GIVEN INFORMATION ->
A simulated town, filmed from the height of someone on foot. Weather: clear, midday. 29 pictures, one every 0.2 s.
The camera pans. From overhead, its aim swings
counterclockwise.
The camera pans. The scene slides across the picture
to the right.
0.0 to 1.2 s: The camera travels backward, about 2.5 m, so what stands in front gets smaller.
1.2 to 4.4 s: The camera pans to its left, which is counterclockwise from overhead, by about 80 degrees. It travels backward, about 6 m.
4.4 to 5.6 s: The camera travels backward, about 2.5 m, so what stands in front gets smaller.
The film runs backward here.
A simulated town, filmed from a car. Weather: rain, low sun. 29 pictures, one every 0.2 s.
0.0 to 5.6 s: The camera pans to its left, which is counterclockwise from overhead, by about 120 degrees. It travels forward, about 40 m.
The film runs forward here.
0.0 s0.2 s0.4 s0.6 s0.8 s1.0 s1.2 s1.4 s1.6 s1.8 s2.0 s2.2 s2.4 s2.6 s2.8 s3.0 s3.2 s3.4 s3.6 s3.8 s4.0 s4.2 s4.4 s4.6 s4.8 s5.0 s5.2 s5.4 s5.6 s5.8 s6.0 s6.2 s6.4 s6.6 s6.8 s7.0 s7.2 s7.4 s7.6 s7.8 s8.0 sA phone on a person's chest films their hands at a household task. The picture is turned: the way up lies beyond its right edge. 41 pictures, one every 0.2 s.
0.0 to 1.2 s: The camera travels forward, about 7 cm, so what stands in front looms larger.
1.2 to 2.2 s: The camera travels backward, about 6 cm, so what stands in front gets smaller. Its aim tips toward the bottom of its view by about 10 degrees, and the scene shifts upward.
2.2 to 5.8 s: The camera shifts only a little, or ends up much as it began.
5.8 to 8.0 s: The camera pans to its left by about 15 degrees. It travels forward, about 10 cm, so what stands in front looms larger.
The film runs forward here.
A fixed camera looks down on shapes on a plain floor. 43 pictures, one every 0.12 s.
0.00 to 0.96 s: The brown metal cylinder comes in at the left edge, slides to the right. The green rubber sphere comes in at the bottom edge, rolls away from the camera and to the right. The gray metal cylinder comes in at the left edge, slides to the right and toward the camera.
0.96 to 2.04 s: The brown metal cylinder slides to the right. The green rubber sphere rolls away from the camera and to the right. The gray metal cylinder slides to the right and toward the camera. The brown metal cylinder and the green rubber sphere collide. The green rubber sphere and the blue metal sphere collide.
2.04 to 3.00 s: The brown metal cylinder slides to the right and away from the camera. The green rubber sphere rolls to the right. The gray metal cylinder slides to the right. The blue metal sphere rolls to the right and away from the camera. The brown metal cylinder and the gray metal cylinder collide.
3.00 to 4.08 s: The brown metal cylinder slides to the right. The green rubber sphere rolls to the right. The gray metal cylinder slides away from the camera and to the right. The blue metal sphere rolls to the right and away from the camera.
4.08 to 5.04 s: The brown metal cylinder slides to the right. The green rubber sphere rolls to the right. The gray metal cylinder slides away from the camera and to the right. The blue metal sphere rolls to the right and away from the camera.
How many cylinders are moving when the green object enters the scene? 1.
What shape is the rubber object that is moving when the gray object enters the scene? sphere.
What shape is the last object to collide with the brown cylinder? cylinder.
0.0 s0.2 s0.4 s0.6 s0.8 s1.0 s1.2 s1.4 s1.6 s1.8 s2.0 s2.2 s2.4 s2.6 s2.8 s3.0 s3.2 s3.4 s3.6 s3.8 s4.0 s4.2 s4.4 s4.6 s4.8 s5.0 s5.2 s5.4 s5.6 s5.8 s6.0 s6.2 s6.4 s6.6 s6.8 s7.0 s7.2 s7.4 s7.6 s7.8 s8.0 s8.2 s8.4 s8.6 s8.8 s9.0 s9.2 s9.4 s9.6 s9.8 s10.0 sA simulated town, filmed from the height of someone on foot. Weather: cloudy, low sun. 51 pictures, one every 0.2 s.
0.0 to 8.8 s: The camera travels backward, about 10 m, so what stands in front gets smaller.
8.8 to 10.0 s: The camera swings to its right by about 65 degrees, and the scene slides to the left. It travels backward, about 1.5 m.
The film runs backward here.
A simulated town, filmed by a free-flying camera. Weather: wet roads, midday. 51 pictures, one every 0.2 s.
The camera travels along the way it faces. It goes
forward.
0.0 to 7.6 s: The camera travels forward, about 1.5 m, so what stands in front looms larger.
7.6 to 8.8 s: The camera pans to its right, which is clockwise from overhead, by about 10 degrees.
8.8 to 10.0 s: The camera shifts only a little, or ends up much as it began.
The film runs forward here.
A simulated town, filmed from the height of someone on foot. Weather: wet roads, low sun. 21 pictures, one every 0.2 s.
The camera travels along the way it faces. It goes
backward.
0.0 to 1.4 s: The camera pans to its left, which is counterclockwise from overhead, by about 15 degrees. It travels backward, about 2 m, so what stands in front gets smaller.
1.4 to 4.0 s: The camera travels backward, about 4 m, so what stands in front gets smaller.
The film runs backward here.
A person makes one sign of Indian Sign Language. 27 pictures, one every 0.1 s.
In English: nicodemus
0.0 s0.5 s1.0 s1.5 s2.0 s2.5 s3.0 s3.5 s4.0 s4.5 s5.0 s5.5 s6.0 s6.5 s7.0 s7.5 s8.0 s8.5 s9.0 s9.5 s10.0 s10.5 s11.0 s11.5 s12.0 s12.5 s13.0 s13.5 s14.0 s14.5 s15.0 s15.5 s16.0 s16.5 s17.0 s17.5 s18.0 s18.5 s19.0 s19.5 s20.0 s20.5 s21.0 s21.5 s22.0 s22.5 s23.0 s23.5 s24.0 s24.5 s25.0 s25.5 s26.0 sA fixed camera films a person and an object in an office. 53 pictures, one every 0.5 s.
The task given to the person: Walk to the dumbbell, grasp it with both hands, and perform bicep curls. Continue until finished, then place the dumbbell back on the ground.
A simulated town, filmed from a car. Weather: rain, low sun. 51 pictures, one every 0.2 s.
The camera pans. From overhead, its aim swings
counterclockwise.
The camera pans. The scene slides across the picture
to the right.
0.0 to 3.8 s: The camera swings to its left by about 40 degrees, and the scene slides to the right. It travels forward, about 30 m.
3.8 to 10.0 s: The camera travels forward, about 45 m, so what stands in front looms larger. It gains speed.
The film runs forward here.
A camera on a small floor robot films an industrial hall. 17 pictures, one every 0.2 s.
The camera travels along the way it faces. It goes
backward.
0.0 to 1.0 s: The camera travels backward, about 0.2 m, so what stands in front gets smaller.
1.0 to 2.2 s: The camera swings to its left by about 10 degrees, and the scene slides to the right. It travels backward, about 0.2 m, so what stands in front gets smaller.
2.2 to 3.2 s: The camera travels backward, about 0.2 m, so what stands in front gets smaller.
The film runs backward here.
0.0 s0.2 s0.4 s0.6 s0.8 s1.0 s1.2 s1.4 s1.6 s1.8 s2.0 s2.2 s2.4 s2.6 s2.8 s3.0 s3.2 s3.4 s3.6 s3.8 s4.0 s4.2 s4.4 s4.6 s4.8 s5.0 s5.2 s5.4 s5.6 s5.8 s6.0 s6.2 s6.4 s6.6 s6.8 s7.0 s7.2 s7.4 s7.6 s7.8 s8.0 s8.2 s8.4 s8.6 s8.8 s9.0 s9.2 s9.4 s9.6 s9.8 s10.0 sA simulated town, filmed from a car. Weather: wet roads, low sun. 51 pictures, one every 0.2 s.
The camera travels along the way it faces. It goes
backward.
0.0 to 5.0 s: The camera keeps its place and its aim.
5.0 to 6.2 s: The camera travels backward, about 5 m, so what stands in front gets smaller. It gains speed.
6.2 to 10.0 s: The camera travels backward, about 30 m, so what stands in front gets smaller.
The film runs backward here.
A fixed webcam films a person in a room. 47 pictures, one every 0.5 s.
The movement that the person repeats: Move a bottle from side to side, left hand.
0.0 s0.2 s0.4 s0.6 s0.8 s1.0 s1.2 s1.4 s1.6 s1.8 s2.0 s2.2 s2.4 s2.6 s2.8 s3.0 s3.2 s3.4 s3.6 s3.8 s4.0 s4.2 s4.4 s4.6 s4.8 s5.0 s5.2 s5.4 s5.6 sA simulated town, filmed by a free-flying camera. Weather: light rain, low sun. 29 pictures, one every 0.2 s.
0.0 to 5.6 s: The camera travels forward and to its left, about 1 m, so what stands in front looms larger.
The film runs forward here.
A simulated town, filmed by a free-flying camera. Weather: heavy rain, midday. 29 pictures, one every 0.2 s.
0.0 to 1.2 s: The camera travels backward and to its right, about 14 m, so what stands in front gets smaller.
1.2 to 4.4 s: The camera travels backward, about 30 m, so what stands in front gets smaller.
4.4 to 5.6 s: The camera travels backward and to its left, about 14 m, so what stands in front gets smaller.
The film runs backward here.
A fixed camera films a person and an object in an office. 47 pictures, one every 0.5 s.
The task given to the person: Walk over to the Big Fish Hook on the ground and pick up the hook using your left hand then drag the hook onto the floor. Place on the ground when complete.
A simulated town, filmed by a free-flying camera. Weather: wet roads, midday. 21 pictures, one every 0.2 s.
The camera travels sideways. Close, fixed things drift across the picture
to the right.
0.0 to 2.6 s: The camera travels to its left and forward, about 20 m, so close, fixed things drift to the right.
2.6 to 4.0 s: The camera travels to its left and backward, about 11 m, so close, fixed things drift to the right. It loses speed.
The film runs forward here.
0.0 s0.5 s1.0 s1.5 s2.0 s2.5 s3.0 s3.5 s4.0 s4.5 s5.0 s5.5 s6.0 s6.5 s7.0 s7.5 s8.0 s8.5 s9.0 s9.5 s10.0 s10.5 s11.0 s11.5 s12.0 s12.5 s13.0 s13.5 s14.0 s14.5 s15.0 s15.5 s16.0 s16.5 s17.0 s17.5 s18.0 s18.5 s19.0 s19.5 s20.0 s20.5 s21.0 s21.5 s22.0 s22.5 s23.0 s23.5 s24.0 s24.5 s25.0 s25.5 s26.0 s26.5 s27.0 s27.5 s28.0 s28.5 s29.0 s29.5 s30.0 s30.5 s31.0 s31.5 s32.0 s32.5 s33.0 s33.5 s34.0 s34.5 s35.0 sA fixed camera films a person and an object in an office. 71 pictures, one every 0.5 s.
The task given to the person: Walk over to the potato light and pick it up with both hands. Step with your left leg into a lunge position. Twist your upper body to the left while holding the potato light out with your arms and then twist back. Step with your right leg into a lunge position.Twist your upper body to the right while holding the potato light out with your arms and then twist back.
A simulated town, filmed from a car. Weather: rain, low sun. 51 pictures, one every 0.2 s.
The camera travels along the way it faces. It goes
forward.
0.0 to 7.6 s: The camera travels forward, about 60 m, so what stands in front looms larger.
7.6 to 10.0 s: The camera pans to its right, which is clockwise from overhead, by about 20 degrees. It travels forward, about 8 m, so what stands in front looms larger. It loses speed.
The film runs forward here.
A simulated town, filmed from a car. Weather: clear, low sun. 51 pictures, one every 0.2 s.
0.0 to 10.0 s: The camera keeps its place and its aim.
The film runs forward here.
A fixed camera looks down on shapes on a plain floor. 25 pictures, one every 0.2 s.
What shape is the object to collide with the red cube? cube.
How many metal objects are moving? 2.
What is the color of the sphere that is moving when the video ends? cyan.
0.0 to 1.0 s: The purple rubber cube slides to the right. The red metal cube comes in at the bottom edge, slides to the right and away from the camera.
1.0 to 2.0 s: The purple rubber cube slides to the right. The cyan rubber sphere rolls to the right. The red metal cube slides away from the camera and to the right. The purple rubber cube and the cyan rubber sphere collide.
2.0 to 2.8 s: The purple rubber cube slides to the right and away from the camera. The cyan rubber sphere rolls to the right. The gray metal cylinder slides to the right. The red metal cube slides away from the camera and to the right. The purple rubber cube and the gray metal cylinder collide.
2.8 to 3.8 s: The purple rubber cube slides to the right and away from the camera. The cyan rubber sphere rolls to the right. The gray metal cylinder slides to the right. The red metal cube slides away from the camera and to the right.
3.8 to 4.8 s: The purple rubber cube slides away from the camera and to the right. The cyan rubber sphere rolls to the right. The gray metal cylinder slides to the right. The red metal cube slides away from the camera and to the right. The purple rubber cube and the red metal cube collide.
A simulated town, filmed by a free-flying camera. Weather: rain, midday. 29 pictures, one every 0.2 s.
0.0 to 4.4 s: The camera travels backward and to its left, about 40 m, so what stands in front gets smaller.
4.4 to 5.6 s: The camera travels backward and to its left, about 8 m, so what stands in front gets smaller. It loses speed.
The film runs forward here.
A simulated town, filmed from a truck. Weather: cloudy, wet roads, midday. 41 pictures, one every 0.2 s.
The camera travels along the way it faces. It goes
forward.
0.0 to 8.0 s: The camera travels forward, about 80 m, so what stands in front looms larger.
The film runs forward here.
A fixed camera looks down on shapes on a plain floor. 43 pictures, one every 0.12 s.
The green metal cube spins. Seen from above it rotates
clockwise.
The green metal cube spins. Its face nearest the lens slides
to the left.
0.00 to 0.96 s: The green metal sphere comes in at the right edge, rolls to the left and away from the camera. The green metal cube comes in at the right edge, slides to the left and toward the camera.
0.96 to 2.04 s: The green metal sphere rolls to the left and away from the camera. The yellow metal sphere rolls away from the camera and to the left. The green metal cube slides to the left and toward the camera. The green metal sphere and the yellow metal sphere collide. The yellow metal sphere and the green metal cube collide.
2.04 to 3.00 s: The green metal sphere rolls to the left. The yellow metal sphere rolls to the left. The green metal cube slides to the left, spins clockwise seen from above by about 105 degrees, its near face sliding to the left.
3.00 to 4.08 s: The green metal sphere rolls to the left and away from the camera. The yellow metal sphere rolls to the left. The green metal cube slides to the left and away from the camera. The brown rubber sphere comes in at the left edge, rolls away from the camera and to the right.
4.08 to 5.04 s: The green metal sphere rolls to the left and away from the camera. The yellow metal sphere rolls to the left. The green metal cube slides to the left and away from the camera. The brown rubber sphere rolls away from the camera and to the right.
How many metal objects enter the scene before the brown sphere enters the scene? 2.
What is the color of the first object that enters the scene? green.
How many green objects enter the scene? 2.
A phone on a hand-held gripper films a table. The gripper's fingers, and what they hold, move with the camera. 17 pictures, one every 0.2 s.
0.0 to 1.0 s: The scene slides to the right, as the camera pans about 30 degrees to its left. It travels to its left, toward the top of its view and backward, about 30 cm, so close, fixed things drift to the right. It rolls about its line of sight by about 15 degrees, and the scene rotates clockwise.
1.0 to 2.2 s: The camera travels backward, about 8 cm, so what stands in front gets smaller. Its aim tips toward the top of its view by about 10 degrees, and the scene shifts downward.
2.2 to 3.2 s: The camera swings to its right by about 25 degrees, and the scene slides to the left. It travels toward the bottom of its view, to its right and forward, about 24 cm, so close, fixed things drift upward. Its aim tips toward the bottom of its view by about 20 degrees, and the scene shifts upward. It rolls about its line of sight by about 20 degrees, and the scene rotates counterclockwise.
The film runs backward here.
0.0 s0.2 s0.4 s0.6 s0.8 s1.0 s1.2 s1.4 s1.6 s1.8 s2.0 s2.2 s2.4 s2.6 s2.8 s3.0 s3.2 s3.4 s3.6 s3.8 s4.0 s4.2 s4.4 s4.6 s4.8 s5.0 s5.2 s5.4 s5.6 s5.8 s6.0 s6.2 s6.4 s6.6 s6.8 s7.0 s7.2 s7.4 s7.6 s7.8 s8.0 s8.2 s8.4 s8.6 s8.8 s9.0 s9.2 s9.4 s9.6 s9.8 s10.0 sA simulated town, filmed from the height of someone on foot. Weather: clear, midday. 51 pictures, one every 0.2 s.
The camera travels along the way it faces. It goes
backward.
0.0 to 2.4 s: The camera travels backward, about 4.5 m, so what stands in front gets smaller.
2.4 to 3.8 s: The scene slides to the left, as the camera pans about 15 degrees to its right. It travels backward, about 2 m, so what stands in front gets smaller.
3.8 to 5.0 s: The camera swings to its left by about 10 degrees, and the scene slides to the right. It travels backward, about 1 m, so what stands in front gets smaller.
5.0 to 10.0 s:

THE PROBLEM ->
Give back precisely the lines above that start at the line containing "Weather: cloudy, low" and end at the line containing "sun. 21 pictures, one every 0.2 s.", inclusive. No other lines belong in the output.

SOLUTION FOR THIS PROBLEM ->
0.0 s0.2 s0.4 s0.6 s0.8 s1.0 s1.2 s1.4 s1.6 s1.8 s2.0 s2.2 s2.4 s2.6 s2.8 s3.0 s3.2 s3.4 s3.6 s3.8 s4.0 s4.2 s4.4 s4.6 s4.8 s5.0 s5.2 s5.4 s5.6 s5.8 s6.0 s6.2 s6.4 s6.6 s6.8 s7.0 s7.2 s7.4 s7.6 s7.8 s8.0 s8.2 s8.4 s8.6 s8.8 s9.0 s9.2 s9.4 s9.6 s9.8 s10.0 sA simulated town, filmed from the height of someone on foot. Weather: cloudy, low sun. 51 pictures, one every 0.2 s.
0.0 to 8.8 s: The camera travels backward, about 10 m, so what stands in front gets smaller.
8.8 to 10.0 s: The camera swings to its right by about 65 degrees, and the scene slides to the left. It travels backward, about 1.5 m.
The film runs backward here.
A simulated town, filmed by a free-flying camera. Weather: wet roads, midday. 51 pictures, one every 0.2 s.
The camera travels along the way it faces. It goes
forward.
0.0 to 7.6 s: The camera travels forward, about 1.5 m, so what stands in front looms larger.
7.6 to 8.8 s: The camera pans to its right, which is clockwise from overhead, by about 10 degrees.
8.8 to 10.0 s: The camera shifts only a little, or ends up much as it began.
The film runs forward here.
A simulated town, filmed from the height of someone on foot. Weather: wet roads, low sun. 21 pictures, one every 0.2 s.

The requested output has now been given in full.